The following afternoon, Joe returns to Jeffrey who asks if he is "Emily's Joe" and says that she sent him back to tell Joe something. In the room there are drawings of a curvy cross, but Jeffrey does not know what it means. During his near death experience, Jeffrey saw a light, and a woman showing an image of Joe; the cross symbol was what he saw at the end of the rainbow. Later, while passing by Ben, another child's room, Joe sees the same drawing. Ben knows who Joe is and says that he must "go to the rainbow".

When Joe arrives at his home, his parrot goes into a rage, breaking a pot and making the symbol drawn in the spilled soil on the floor. Joe spots a dragonfly flying outside the window, and briefly sees Emily reaching for him. Joe's neighbor Miriam Belmont tries to talk him back into reality. Instead, he goes to Sister Madeline, a controversial nun who investigated near-death experiences. She thinks that Emily is indeed trying to contact Joe from the other side.

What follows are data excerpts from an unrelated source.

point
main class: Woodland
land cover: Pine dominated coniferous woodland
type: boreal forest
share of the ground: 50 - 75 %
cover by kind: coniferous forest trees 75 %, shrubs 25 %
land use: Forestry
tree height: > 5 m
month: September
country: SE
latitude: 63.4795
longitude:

Later, at the hospital, Joe is alone with a clinically dead patient. Joe then hears Emily speaking through the patient, calling his name but no one believes him. He decides to sell his home and go on vacation. While packing away Emily's belongings, the lightbulb in the room burns out. When he returns with a new bulb, all the belongings he had packed away are back in their original places. He enters his kitchen where a map has blown open, showing the symbol at several places. He learns from his friend Hal that the cross is the map symbol for a waterfall. Joe remembers a photo of Emily posing in front of a waterfall with a rainbow behind her.

Joe takes a trip to the area where Emily died. Joe's pilot, Victor, takes him to the victims' graves near a tribe village. Joe shows the photo and asks his native guides if they know where Emily is buried. They start arguing with each other that he should be brought to the village. Joe's attention then shifts to the village and he runs off to it. He comes to a cliff and sees the bus down below in the water. Joe jumps into the river and enters the semi-flooded bus, causing it to shift and become completely submerged. Trapped inside, Joe sees a glow fill the bus and then Emily appears, reaching for his hand. The events of her final hours flash before him, showing she survived the accident and was pulled to safety by nearby Yanomami villagers. Joe is then rescued by Victor.

Joe runs to the village and is surrounded by native men with weapons. He holds up a photo of Emily. A native tells him they could not save Emily's body but they saved her soul. Perplexed, he follows the native woman into a hut and inside is a girl in a basket, the child Emily was carrying, who survived the accident. There is a birthmark on the child in the shape of a dragonfly. As he embraces his daughter, he realizes what Emily was trying to tell him. Some time later, Joe plays with his daughter, now a toddler with wavy blonde hair, the very image of Emily.

==Production==
The project was initially set up at Metro-Goldwyn-Mayer (MGM) when the script was bought for a mid six figures outbidding Touchstone. The script was put into turnaround when MGM grew uncertain of the $75 million budget with Shady Acres Entertainment reacquiring the domestic distribution rights that in turn were acquired by Universal, while Spyglass Entertainment handled foreign pre-sales in a manner similar to the arrangement with The Sixth Sense whose success helped give Dragonfly the traction it needed to move into production. Kevin Costner entered negotiations to star in September 2000.

==Release==
Produced on a $60 million budget, Dragonfly made $52.3 million worldwide, making it a box-office bomb.

==Home media==
The film was released on VHS and DVD on 30 July 2002 by Universal Studios Home Video.

==Reception==
Rotten Tomatoes, a review aggregator, reports that 7% of 125 critics gave the film a positive review; the average rating is 3.65/10. The consensus reads: "Sappy, dull and muddled, Dragonfly is too melancholic and cliched to generate much suspense." On Metacritic it carries the score of 25 out of 100, indicating "generally unfavorable" reviews. Audiences polled by CinemaScore gave the film an average grade of "B+" on an A+ to F scale.